We know the harbour is a well used and loved marine recreation setting. Our investigations show there would be no short or long term affects caused by the project on these activities.
Our modelling suggests the deepening will lessen the amount of wave energy along the Eastbourne coast, which will result in a reduction in surfable days at breaks along this coast, such as ‘the Pipes’.
We have considered a wave focussing device or artificial reef, however our experts tell us that these will not be successful in that environment. What the port is doing is consulting with surfers and the Eastbourne community to identify initiatives to sustain overall surfing opportunities across the wider Wellington region. We are also considering how we can assist with other marine recreation activities in the Eastbourne area.
Effects on marine mammals would be low and management controls would be in place during dredging and disposal activity.
Wellington Harbour/Te Whanganui-a-Tara are home to many important bird species. There is a very low risk of a moderate effect on seabirds and CentrePort will put a lot of care into managing effects on seabirds.
The Waiwhetu Aquifer, which is located beneath the Hutt Valley and the Harbour, is an important resource in terms of the Wellington region's water supply. Consequently, significant analysis of the deepening’s effect on the aquifer has been undertaken. Multiple experts and agencies, including NIWA, Greater Wellington Regional Council and Wellington Water, have been involved. It is agreed that the project is likely to have a negligible effect on the aquifer. Monitoring and management controls would be in place during dredging and disposal activity.
An assessment of the potential noise impacts of the deepening work, under water and above water, was undertaken. Dredge vessels are typically no noisier than other types of ships that already operate in the harbour.
There is no contaminated sediment in the harbour entrance channel. Investigations show there are low levels of contamination of the seabed sediment near Thorndon Container Wharf, typical of the urban coastal environment. The contamination is due to runoff from the city’s stormwater system and shipping activity. This contaminated material is located at towards the top of the seabed. When the work is undertaken, this material will be moved first, placed in a deeper placement area close by, and will then be capped by the deeper material from the dredged area which contains less contaminated material. The proposed dredging at TCW and placement of that material in deeper water will decrease contaminant concentrations the dredged area, decrease most contaminant concentrations at the proposed placement area, and will result in less ongoing disturbance of contaminated sediment.
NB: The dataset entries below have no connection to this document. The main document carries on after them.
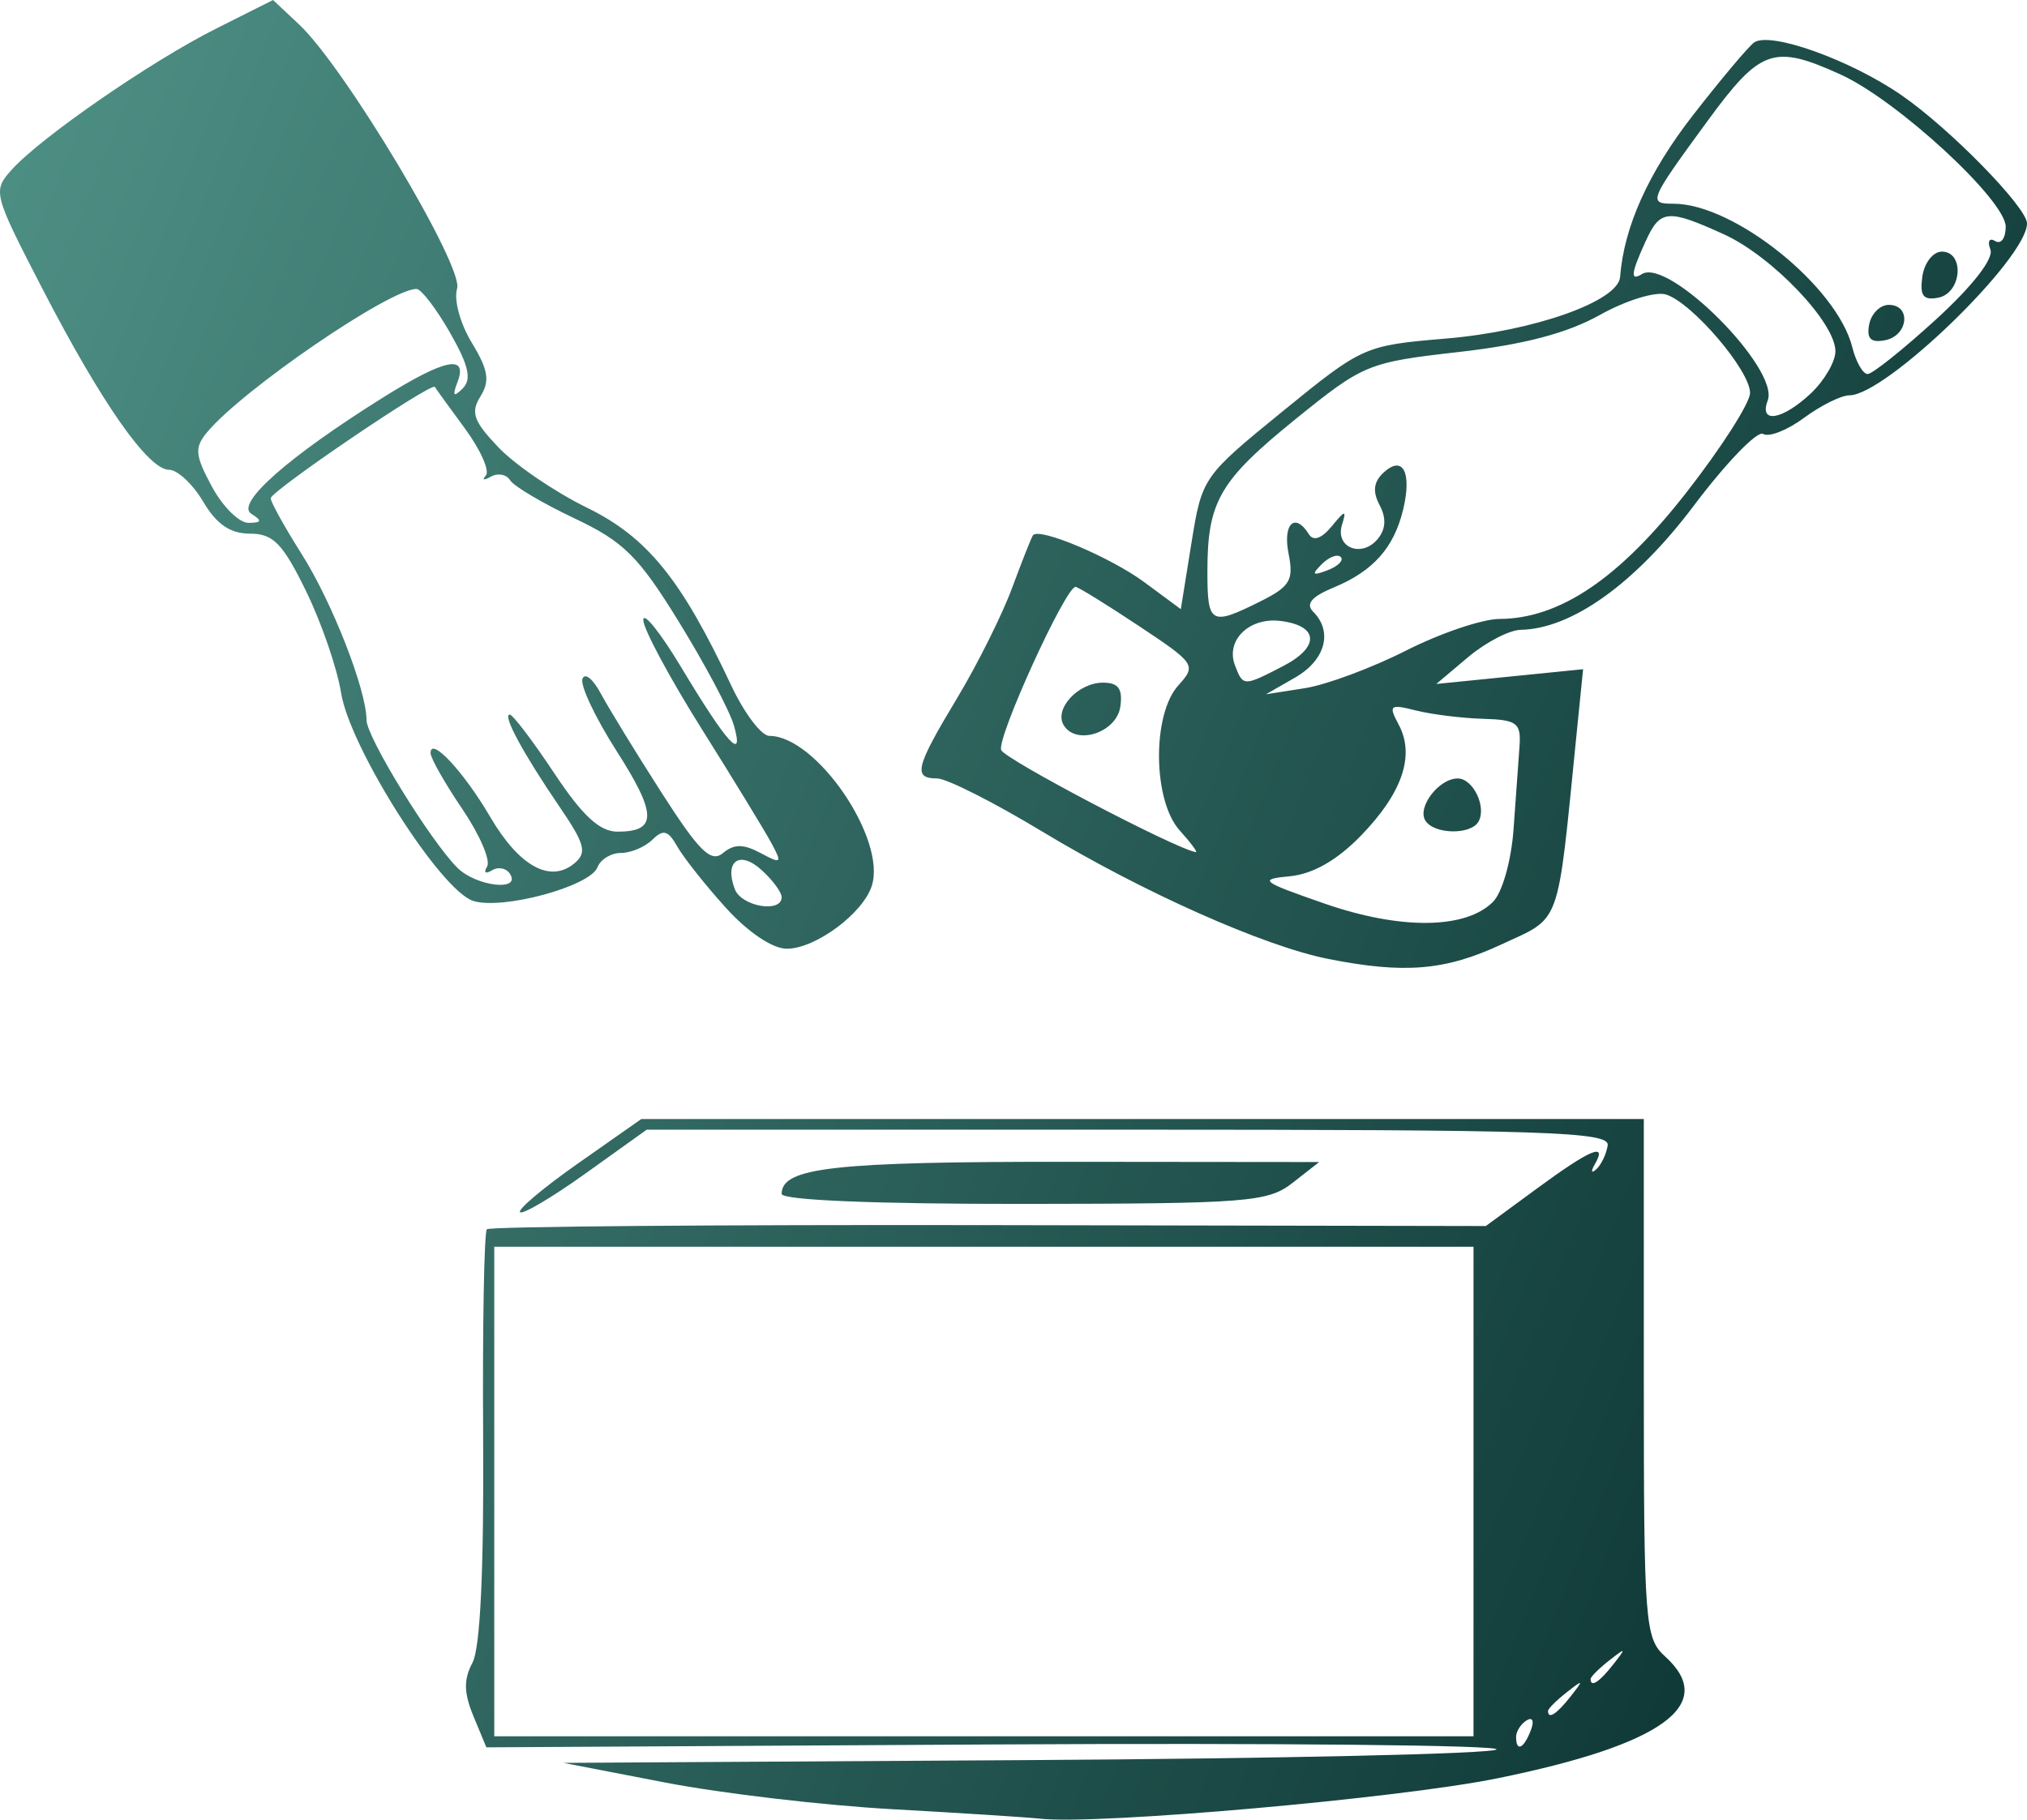 <svg width="216" height="194" viewBox="0 0 216 194" fill="none" xmlns="http://www.w3.org/2000/svg">
<g id="Group">
<path id="Vector" d="M95.068 192.816C87.774 192.412 76.908 191.137 70.924 189.983L60.041 187.88L109.337 187.586C136.449 187.424 159.008 186.913 159.471 186.45C159.934 185.991 135.902 185.751 106.067 185.916L51.828 186.224L50.45 182.902C49.422 180.417 49.396 178.981 50.35 177.202C51.178 175.655 51.573 167.264 51.485 153.183C51.411 141.282 51.589 131.302 51.883 131.008C52.181 130.714 76.251 130.516 105.375 130.568L158.332 130.665L163.783 126.664C169.496 122.468 171.314 121.708 169.949 124.079C169.499 124.859 169.57 125.101 170.104 124.613C170.638 124.128 171.184 122.979 171.32 122.061C171.531 120.615 164.766 120.395 120.242 120.395H68.918L62.419 125.046C58.848 127.605 55.694 129.468 55.416 129.19C55.137 128.912 57.929 126.563 61.623 123.972L68.342 119.259H175.167V146.872C175.167 173.045 175.286 174.594 177.437 176.539C183.085 181.65 177.195 185.933 159.578 189.523C149.058 191.668 116.959 194.502 110.842 193.829C109.46 193.677 102.363 193.221 95.068 192.816ZM163.123 184.419C163.511 183.409 163.32 182.957 162.677 183.351C162.062 183.733 161.557 184.525 161.557 185.114C161.557 186.745 162.369 186.385 163.123 184.419ZM157.019 158.957V132.871H52.669V185.046H157.019V158.957ZM167.374 180.792C168.784 178.994 168.742 178.952 166.944 180.365C165.853 181.219 164.961 182.112 164.961 182.348C164.961 183.283 165.889 182.682 167.374 180.792ZM171.909 177.389C173.319 175.591 173.281 175.552 171.482 176.962C170.389 177.816 169.496 178.709 169.496 178.945C169.496 179.88 170.427 179.279 171.909 177.389ZM83.294 127.24C83.294 124.415 88.864 123.798 114.128 123.82L140.573 123.846L137.736 126.065C135.116 128.116 132.961 128.284 109.098 128.307C93.26 128.323 83.294 127.909 83.294 127.24ZM141.553 102.202C134.689 100.843 121.769 95.088 111.065 88.625C105.912 85.51 100.872 82.964 99.866 82.964C97.255 82.964 97.546 81.787 101.978 74.427C104.145 70.827 106.788 65.535 107.849 62.662C108.914 59.793 109.913 57.263 110.075 57.047C110.715 56.167 118.33 59.379 121.96 62.061L125.829 64.923L126.961 57.878C128.087 50.887 128.167 50.771 136.691 43.829C145.196 36.9 145.383 36.816 154.098 36.081C163.46 35.289 172.443 32.109 172.64 29.518C173.048 24.174 175.652 18.393 180.41 12.27C183.406 8.42 186.336 4.933 186.925 4.526C188.643 3.332 197.131 6.363 202.592 10.122C207.748 13.667 216 22.097 216 23.815C216 27.561 200.945 42.131 197.076 42.131C196.206 42.131 194.029 43.211 192.243 44.531C190.458 45.854 188.494 46.624 187.879 46.245C187.268 45.867 183.936 49.319 180.478 53.915C174.258 62.177 167.497 67.023 162.049 67.123C160.843 67.146 158.323 68.453 156.453 70.028L153.05 72.894L160.872 72.108L168.697 71.322L167.969 78.558C165.905 99.106 166.429 97.657 159.982 100.659C154.001 103.444 149.656 103.806 141.553 102.202ZM159.093 96.12C160.086 95.127 161.04 91.757 161.286 88.379C161.522 85.089 161.807 81.12 161.92 79.561C162.101 77.044 161.667 76.711 158.044 76.608C155.803 76.543 152.584 76.145 150.895 75.721C148.091 75.016 147.932 75.145 149.048 77.232C150.802 80.509 149.437 84.517 145.018 89.065C142.488 91.672 139.907 93.147 137.471 93.384C134.055 93.71 134.343 93.937 141.139 96.298C149.229 99.109 156.175 99.041 159.093 96.12ZM151.885 87.451C150.996 86.011 153.341 82.964 155.337 82.964C156.996 82.964 158.465 86.076 157.524 87.603C156.653 89.013 152.785 88.907 151.885 87.451ZM125.719 88.515C122.84 85.335 122.749 76.158 125.563 73.046C127.511 70.898 127.388 70.714 121.326 66.69C117.894 64.412 114.875 62.546 114.613 62.546C113.539 62.546 106.167 78.723 106.691 79.94C107.125 80.952 125.114 90.391 127.42 90.818C127.672 90.864 126.909 89.829 125.719 88.515ZM113.361 77.306C112.288 75.573 114.875 72.755 117.538 72.755C119.181 72.755 119.653 73.412 119.385 75.307C118.993 78.067 114.707 79.487 113.361 77.306ZM149.838 69.332C153.477 67.489 157.951 65.972 159.782 65.965C166.209 65.936 172.54 61.659 179.676 52.524C183.412 47.743 186.476 42.956 186.488 41.885C186.514 39.52 180.342 32.277 177.544 31.391C176.431 31.035 173.261 32.012 170.486 33.565C166.999 35.512 162.382 36.728 155.476 37.511C145.771 38.614 145.299 38.809 138.089 44.641C129.947 51.23 128.662 53.446 128.662 60.919C128.662 66.528 129.018 66.728 134.275 64.108C137.481 62.51 137.878 61.837 137.312 59.004C136.675 55.814 138.001 54.553 139.48 56.943C139.952 57.706 140.838 57.396 141.909 56.092C143.345 54.342 143.507 54.32 143.006 55.931C142.252 58.357 145.105 59.495 146.807 57.448C147.677 56.4 147.745 55.212 147.01 53.828C146.244 52.385 146.37 51.353 147.441 50.363C149.482 48.474 150.468 50.321 149.53 54.271C148.553 58.366 146.341 60.864 142.129 62.607C139.755 63.591 139.101 64.367 139.942 65.205C142.061 67.324 141.223 70.364 138.021 72.205L134.902 73.994L139.062 73.341C141.353 72.981 146.202 71.176 149.838 69.332ZM136.73 70.989C140.683 68.944 140.534 66.67 136.419 66.175C133.104 65.777 130.581 68.255 131.6 70.911C132.466 73.172 132.509 73.172 136.73 70.989ZM142.87 59.363C142.524 59.013 141.608 59.363 140.838 60.139C139.725 61.258 139.855 61.388 141.472 60.773C142.592 60.346 143.219 59.712 142.87 59.363ZM192.958 41.933C194.401 40.575 195.585 38.553 195.585 37.434C195.585 34.38 188.83 27.302 183.684 24.963C177.699 22.246 176.907 22.317 175.351 25.736C173.792 29.152 173.701 29.994 174.963 29.211C177.832 27.438 189.662 39.326 188.371 42.687C187.41 45.191 189.93 44.777 192.958 41.933ZM206.325 34.024C210.203 30.479 212.471 27.561 212.102 26.594C211.762 25.714 211.992 25.309 212.61 25.691C213.228 26.073 213.732 25.384 213.732 24.164C213.732 21.343 202.181 10.691 196.151 7.948C189.002 4.697 187.604 5.182 181.973 12.871C175.694 21.45 175.584 21.712 178.337 21.712C184.787 21.712 195.753 30.514 197.38 36.997C197.775 38.572 198.512 39.863 199.017 39.863C199.525 39.863 202.812 37.236 206.325 34.024ZM199.182 34.577C199.405 33.429 200.343 32.491 201.272 32.491C203.701 32.491 203.352 35.784 200.867 36.263C199.353 36.554 198.891 36.094 199.182 34.577ZM204.849 29.47C205.056 28.011 205.991 26.817 206.926 26.817C209.385 26.817 209.048 31.242 206.551 31.724C204.94 32.035 204.558 31.527 204.849 29.47ZM77.329 96.728C75.151 94.319 72.829 91.385 72.166 90.207C71.198 88.493 70.674 88.35 69.526 89.486C68.74 90.265 67.229 90.903 66.175 90.903C65.117 90.903 63.991 91.588 63.668 92.429C62.885 94.471 53.536 97.003 50.428 96.017C46.94 94.91 37.284 79.7 36.346 73.845C35.926 71.212 34.24 66.318 32.597 62.966C30.122 57.907 29.11 56.875 26.642 56.875C24.539 56.875 23.077 55.879 21.657 53.472C20.55 51.602 18.914 50.069 18.018 50.069C15.789 50.069 10.784 42.907 4.46 30.66C-0.722 20.629 -0.793 20.357 1.245 18.089C4.341 14.647 16.093 6.531 23.019 3.054L29.097 0L31.889 2.623C36.738 7.178 49.447 28.434 48.71 30.754C48.338 31.922 49.033 34.483 50.269 36.515C52.035 39.423 52.226 40.601 51.197 42.247C50.123 43.968 50.457 44.9 53.145 47.708C54.93 49.571 59.158 52.45 62.542 54.103C68.973 57.25 72.596 61.714 77.914 73.04C79.305 76.003 81.133 78.426 81.977 78.426C86.978 78.426 94.489 89.405 92.904 94.396C91.966 97.353 86.894 101.112 83.84 101.112C82.317 101.112 79.69 99.342 77.329 96.728ZM83.294 95.616C83.294 95.088 82.323 93.778 81.136 92.707C78.797 90.589 77.16 91.786 78.305 94.771C79.017 96.618 83.294 97.343 83.294 95.616ZM54.358 93.154C53.966 92.52 53.093 92.342 52.414 92.763C51.734 93.183 51.505 93.002 51.906 92.355C52.304 91.711 51.117 88.952 49.266 86.225C47.416 83.495 45.895 80.816 45.883 80.273C45.844 78.413 49.392 82.207 52.245 87.076C55.322 92.326 58.631 94.15 61.203 92.015C62.581 90.87 62.342 89.961 59.614 85.966C55.736 80.279 53.51 76.158 54.319 76.158C54.646 76.158 56.778 78.966 59.055 82.395C62.079 86.95 63.904 88.635 65.806 88.635C70.044 88.635 70.021 86.788 65.706 80.043C63.464 76.537 61.824 73.079 62.063 72.364C62.303 71.645 63.179 72.334 64.011 73.894C64.845 75.45 67.76 80.211 70.493 84.475C74.508 90.741 75.763 91.976 77.034 90.919C78.221 89.935 79.211 89.932 81.039 90.909C83.261 92.099 83.362 92.015 82.233 89.909C81.556 88.641 78.199 83.142 74.776 77.688C71.35 72.234 68.549 67.01 68.549 66.078C68.549 65.143 70.367 67.414 72.593 71.121C77.471 79.247 79.353 81.321 78.199 77.293C77.749 75.734 75.122 70.785 72.356 66.295C68.038 59.282 66.469 57.729 61.2 55.235C57.826 53.64 54.749 51.816 54.358 51.185C53.966 50.551 53.044 50.38 52.307 50.8C51.569 51.224 51.327 51.169 51.77 50.68C52.21 50.192 51.21 47.94 49.548 45.676C47.882 43.415 46.439 41.416 46.339 41.238C46.025 40.678 28.848 52.333 28.848 53.106C28.848 53.511 30.333 56.183 32.144 59.046C35.398 64.179 39.057 73.551 39.057 76.743C39.057 78.552 45.844 89.589 48.733 92.478C50.715 94.461 55.522 95.04 54.358 93.154ZM26.768 54.747C25.066 53.666 30.756 48.655 40.859 42.338C47.4 38.246 49.887 37.734 48.752 40.714C48.186 42.205 48.322 42.377 49.302 41.403C50.285 40.426 49.955 38.961 47.953 35.457C46.491 32.898 44.886 30.802 44.388 30.796C41.564 30.77 25.833 41.535 22.064 46.074C20.706 47.714 20.777 48.513 22.579 51.858C23.727 53.993 25.484 55.733 26.477 55.724C27.9 55.711 27.962 55.504 26.768 54.747Z" fill="url(#paint0_linear_7583_9917)"/>
</g>
<defs>
<linearGradient id="paint0_linear_7583_9917" x1="0" y1="0" x2="253.08" y2="101.198" gradientUnits="userSpaceOnUse">
<stop stop-color="#4F9186"/>
<stop offset="1" stop-color="#052B2A"/>
</linearGradient>
</defs>
</svg>

CentrePort has used a range of New Zealand and international exports to carry out in-depth investigations to optimise the proposed channel design and identify potential effects of the project. All the reports are available on this website. We have also provided a summary of each of these reports.
CentrePort will consider the feedback it receives and use that information to finalise its application.
We expect to lodge an application in early 2017.
We have a consultation process in place where we are keen to engage with interested parties through open days and face-to-face meetings. You can find information about our open days on our website. You can also contact us by calling 04 495 3800 or by emailing us at firstname.lastname@example.org. Once the application is lodged there will be an opportunity to make a formal submission on the application if you wish.
Once the application for resource consent has been lodged, it will be publicly notified by the consent authority, and submissions can then be made. Information on how submissions can be made will be provided as part of that process.